Diagnosing Lateral Mixing in the Upper Ocean with Virtual Tracers: Spatial and Temporal Resolution Dependence

Abstract

Abstract Several recent studies diagnose lateral stirring and mixing in the upper ocean using altimetry-derived velocity fields to advect “virtual” particles and fields offline. However, the limited spatiotemporal resolution of altimetric maps leads to errors in the inferred diagnostics, because unresolved scales are necessarily imperfectly modeled. The authors examine a range of tracer diagnostics in two models of baroclinic turbulence: the standard Phillips model, in which dispersion is controlled by large-scale eddies, and the Eady model, where dispersion is determined by local scales of motion. These models serve as a useful best- and worst-case comparison and a valuable test of the resolution sensitivity of tracer diagnostics. The effect of unresolved scales is studied by advecting tracers using model velocity fields subsampled in space and time and comparing the derived tracer diagnostics with their “true” value obtained from the fully resolved flow. The authors find that eddy diffusivity and absolute dispersion, which are governed by large-scale dynamics, are insensitive to spatial sampling error in either flow. Measures that depend strongly on small scales, such as relative dispersion and finite-time Lyapunov exponents, are highly sensitive to spatial sampling in the Eady model.
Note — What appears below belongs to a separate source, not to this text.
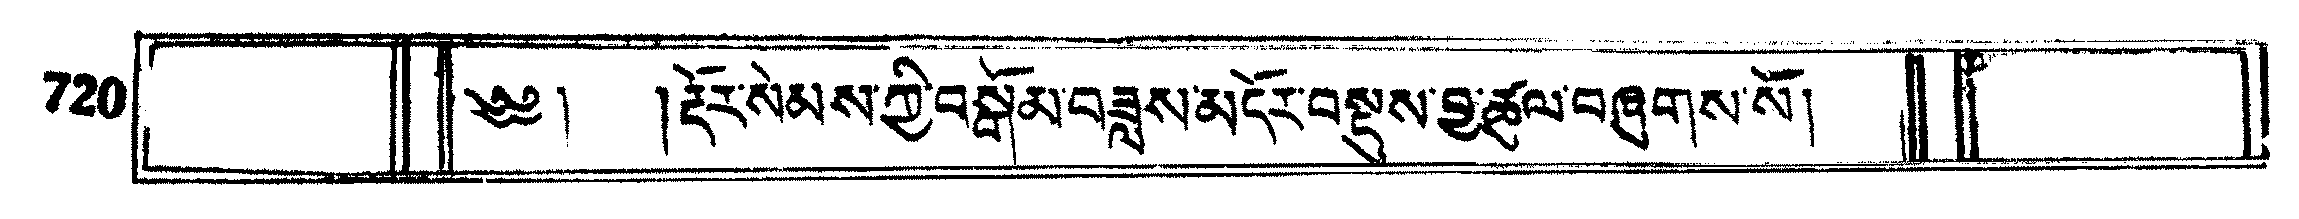༄༅། །རྡོར་སེམས་ཀྱི་བསྒོམ་བཟླས་མདོར་བསྡུས་བྱ་ཚུལ་བཞུགས་སོ།

Temporal sampling error is found to have a more complicated behavior because of the onset of particle overshoot leading to scrambling of Lagrangian diagnostics. This leads to a potential restriction on the utility of raw altimetry maps for studying mixing in the upper ocean. The authors conclude that offline diagnostics of mixing in ocean flows with an energized submesoscale should be viewed with some caution.